聞言,棠棠當然是要進去瞧瞧的,可她又隱隱地覺得這個男人不大好對付,心裡起了疑:“我的姐妹呢?”
她之前已經問了一次,可魏淵沒有回答她,眼下棠棠的心裡更是不安。
魏淵依舊保持着姿勢不變,他慢條斯理地看着棠棠,嘖嘖兩聲:“月華依舊,我還記得就在幾個時辰前,你帶着金色的面具萬衆矚目,沒想到取了面具之後,你的容貌……”
他穿好了衣裳,但一頭墨發卻鬆垮垮地綁在腦後,並沒有束髮,看起來倒是風雅了幾分。
這樣的男人別說是在夜間了,就是在白天都顯得比較誘人。
更何況,他的語氣……
曖昧非常。
棠棠的眼眸微閃,她的目光集中在魏淵的一雙薄脣之上,迫切地想要聽到讚美的話語。
世間上,哪個女子不喜歡聽到男人說她們漂亮?
魏淵嘴角微揚,半晌才吐出四個字來:“不過如此。”
棠棠臉色一垮,手裡的火把抖了抖:“你說什麼!”
“我方纔說的不夠清楚?”魏淵挑事地不屑一顧,“你帶着面具還好看些,這取了嘛,一張臉就像路人般,丟在大街上都認不出來。”
他越說越過分,棠棠的臉已經被氣的成了醬紫色。
當着這麼多人的面,這個男人居然口無遮攔到這個地步!
“我宰了你!”棠棠話音落下,便飛身朝魏淵撲了過去。
一時之間,武力暴漲。
魏淵心念一動,暗自鬆了口氣,還好,只是一級武宗。
棠棠手中的火把便是成了武器,就像燒火棍一樣,指東打西地往魏淵身上打,一縷縷的焦味傳來,在和棠棠對力的時候,魏淵的衣袖還是不可避免地給火星子給燒着,不過很快又被他舞起來的風勢給吹滅。
點點的星火在夜空裡面顯得十分詭異,風聲赫赫在雙方的耳邊來來往往。
在場的觀衆可能都無法看出其中的貓膩,一個勁兒地爲棠棠加油打氣,這個男人太可恨了!
只是在房間裡面的涼涼卻感受到了點點:“孃親,這個男人是誰呀,六級武宗對一級,怎麼着也是速戰速決的呀,真是奇怪。
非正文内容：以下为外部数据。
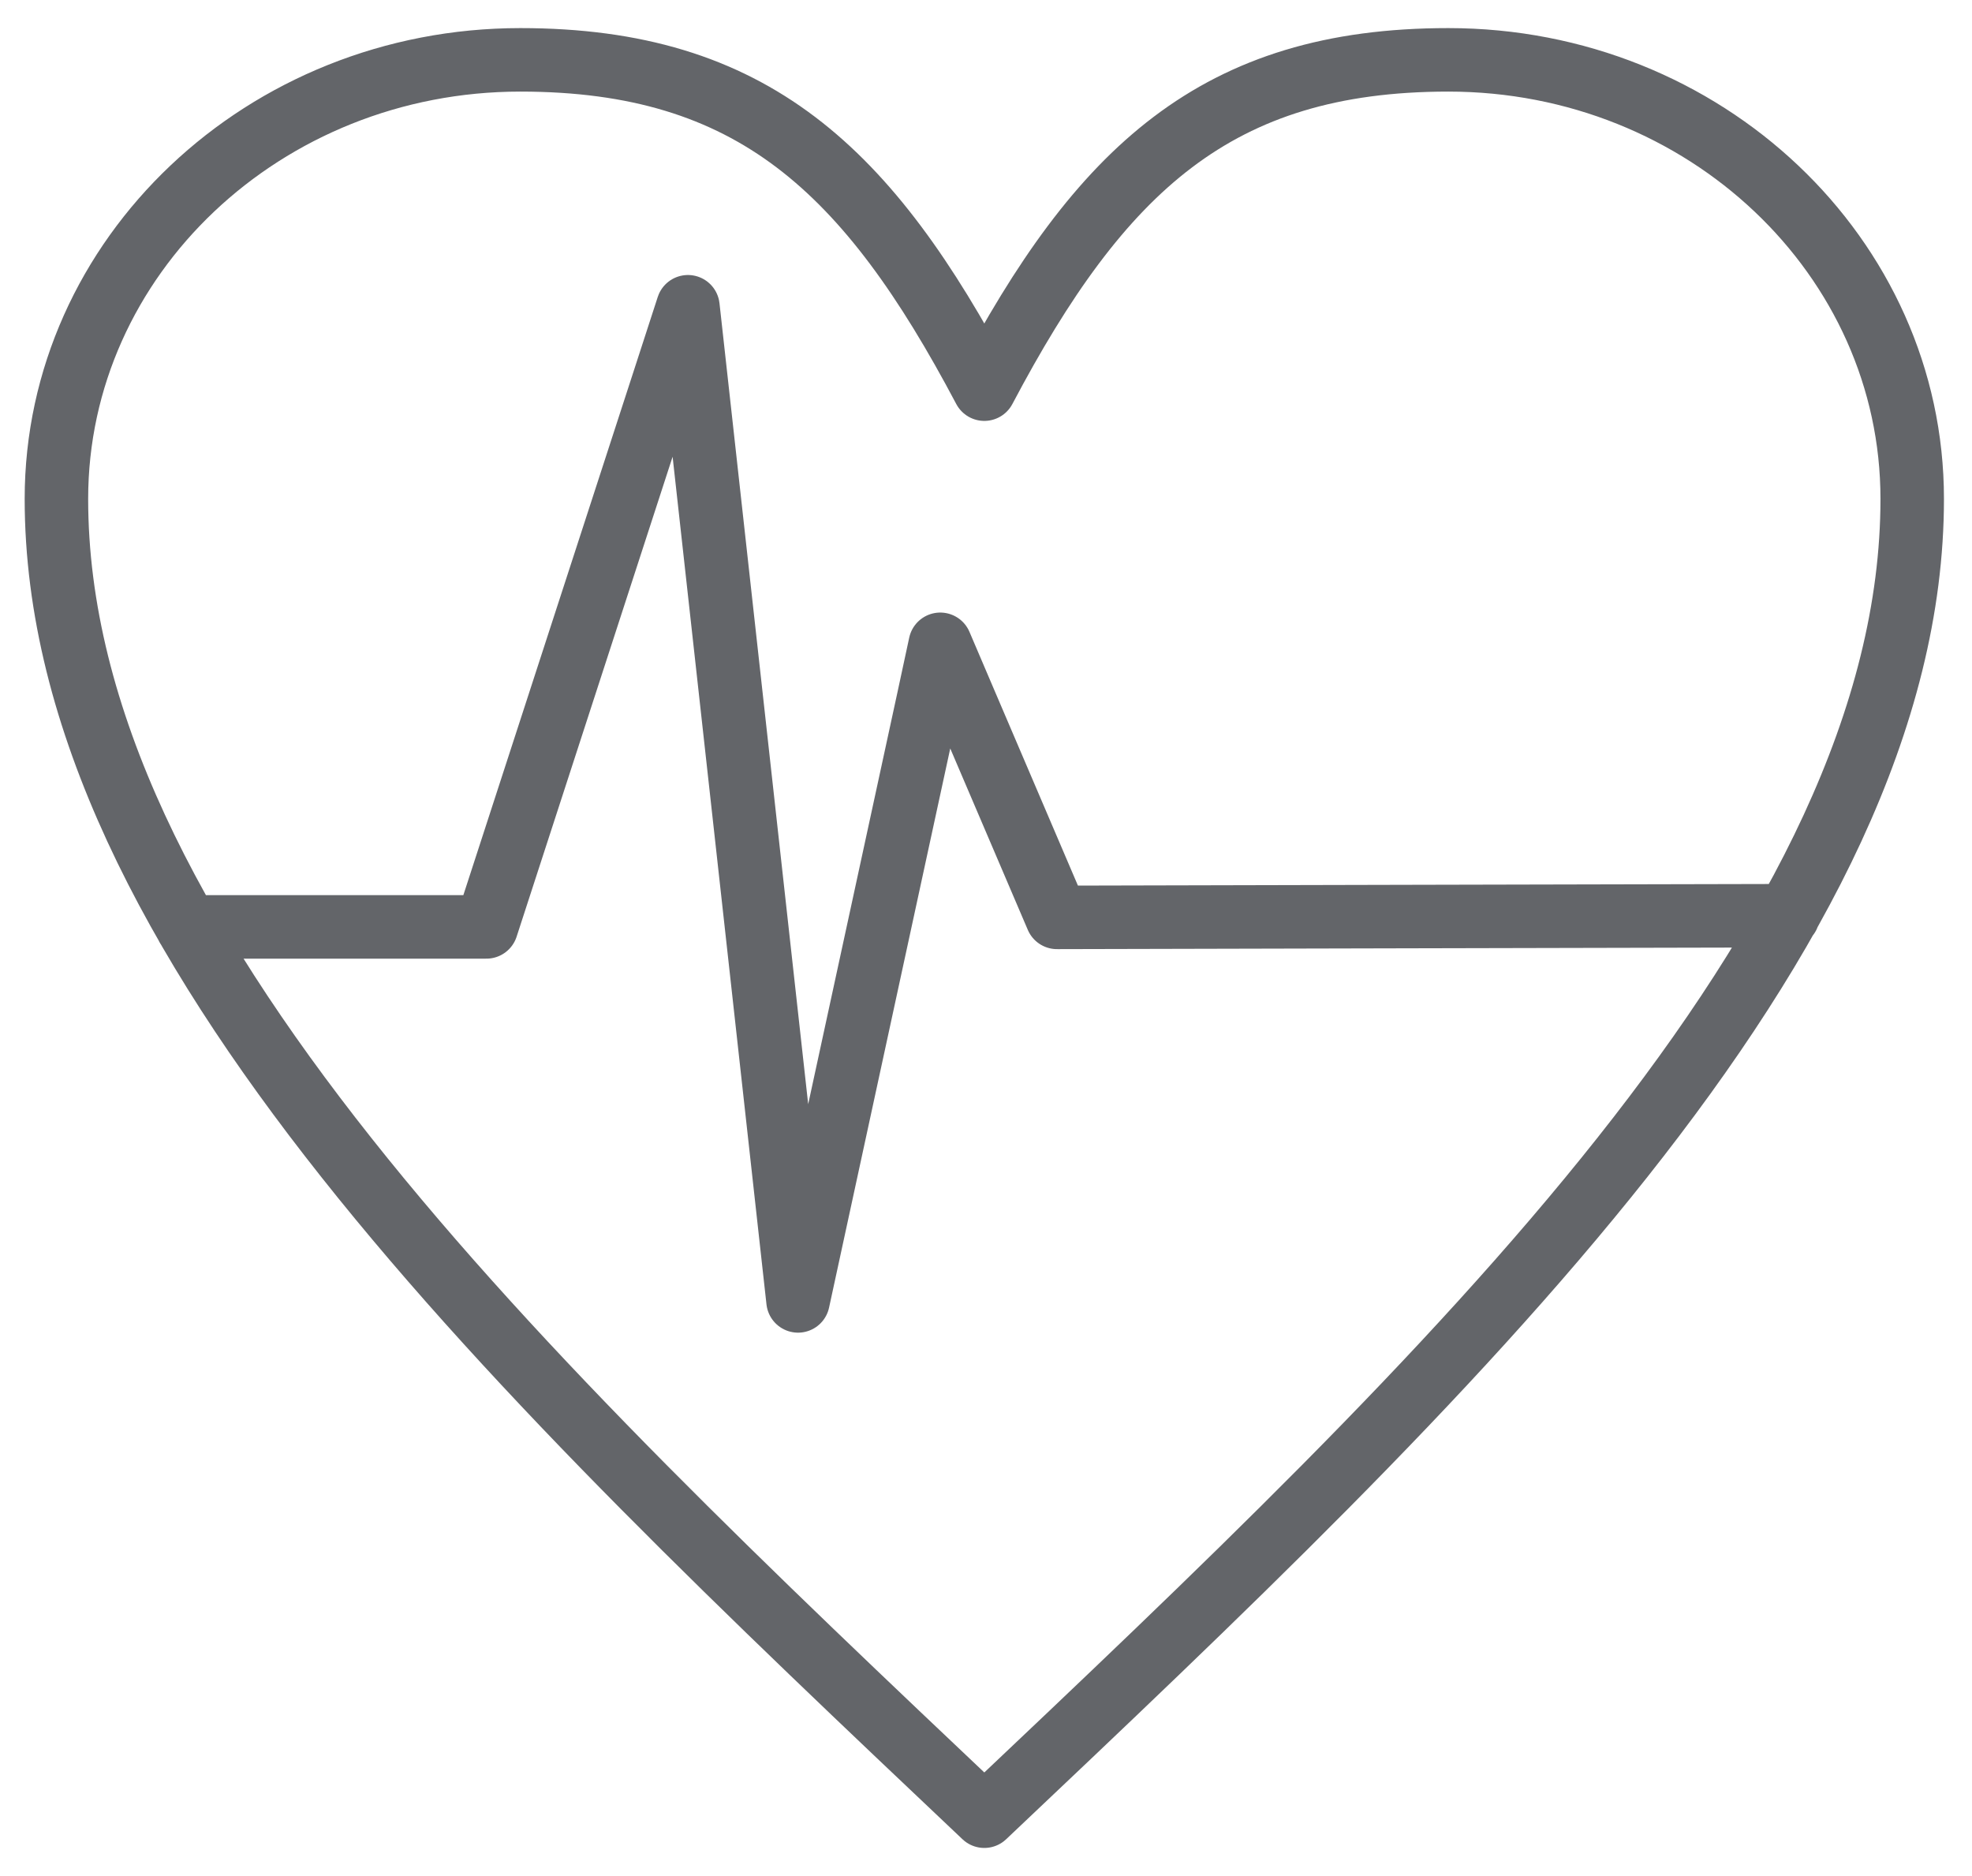 <svg width="41" height="39" viewBox="0 0 41 39" fill="none" xmlns="http://www.w3.org/2000/svg">
<g id="a" clip-path="url(#clip0_2721_2371)">
<path id="Vector" d="M3.895 19.269H10.113C11.341 15.496 12.568 11.72 13.793 7.948L14.303 6.377L14.488 8.048C15.188 14.379 15.89 20.713 16.592 27.044C17.498 22.862 18.406 18.677 19.312 14.495L19.549 13.394L19.982 14.408C20.648 15.963 21.31 17.516 21.976 19.071C25.767 19.06 33.02 19.047 36.811 19.037H37.173M20.465 8.09C22.876 3.525 25.289 1.244 30.113 1.244C35.438 1.244 39.757 5.334 39.757 10.371C39.757 19.499 30.113 28.628 20.465 37.756C10.818 28.628 1.173 19.499 1.173 10.371C1.173 5.334 5.495 1.244 10.818 1.244C15.642 1.244 18.052 3.525 20.465 8.09Z" stroke="#636569" stroke-width="1.32" stroke-linecap="round" stroke-linejoin="round"/>
</g>
<defs>
<clipPath id="clip0_2721_2371">
<rect width="39.904" height="37.832" fill="white" transform="translate(0.513 0.584)"/>
</clipPath>
</defs>
</svg>

”
嶽檸歌正在凝神逼針,她並沒有聽到涼涼的問話。
她現在周身都被火燒似得,衣衫都已經被汗水給浸溼,手腕上的血不斷地涌出來,流到了桌面上,又順着桌面一滴一滴地落到地面。
嶽檸歌的臉色也漸漸泛白,再這麼下去,別說是那根針了,就是她一身的血都要被放幹了。
涼涼在一旁心急如焚,可它任憑說什麼都被嶽檸歌給自動屏蔽了,它的聲音也入不得嶽檸歌的耳朵。
嶽檸歌已經沉醉在要將那根針給取出來的固執裡面,不達目的誓不罷休。
她不能夠放棄,那根針若是一直都在她的神門穴卡着,不僅僅會影響她的右手,更可能會讓她這一生都成爲廢人。
武力有所阻礙,影響的不是一隻手、一條腿,那是會影響全身的。
武力必須要遊走全身經脈才能夠確保有晉級的可能,她一片大好的前途,怎麼能夠在這個鬼地方給毀了!
嶽檸歌猛地睜開眼睛,汗如雨下,已經讓她睫毛上沾染了不少帶着鹹鹹味道的汗水,這麼一睜眼,汗水涌入眼睛,一陣刺痛。
嶽檸歌左手抓起匕首,好似下了個很大的決心一樣。
“不成功便成仁!”嶽檸歌心道。
她的舉動引得涼涼忍不住驚呼一聲:“孃親!你瘋了!”
鋒利的刀刃在她手腕處原本的傷口上又下了一刀,涼涼看着都夠疼了,還別說鮮血狂涌出來的壯觀景象。
傷口整齊,但血將皮肉都模糊了,看起來更是猙獰。
她有分寸,不會割到動脈,但就算是這樣還是有很多血涌出來,畢竟這個時候她的武力全都集中在右手,這個地方是氣血的匯流處,自然血液要流動的快些。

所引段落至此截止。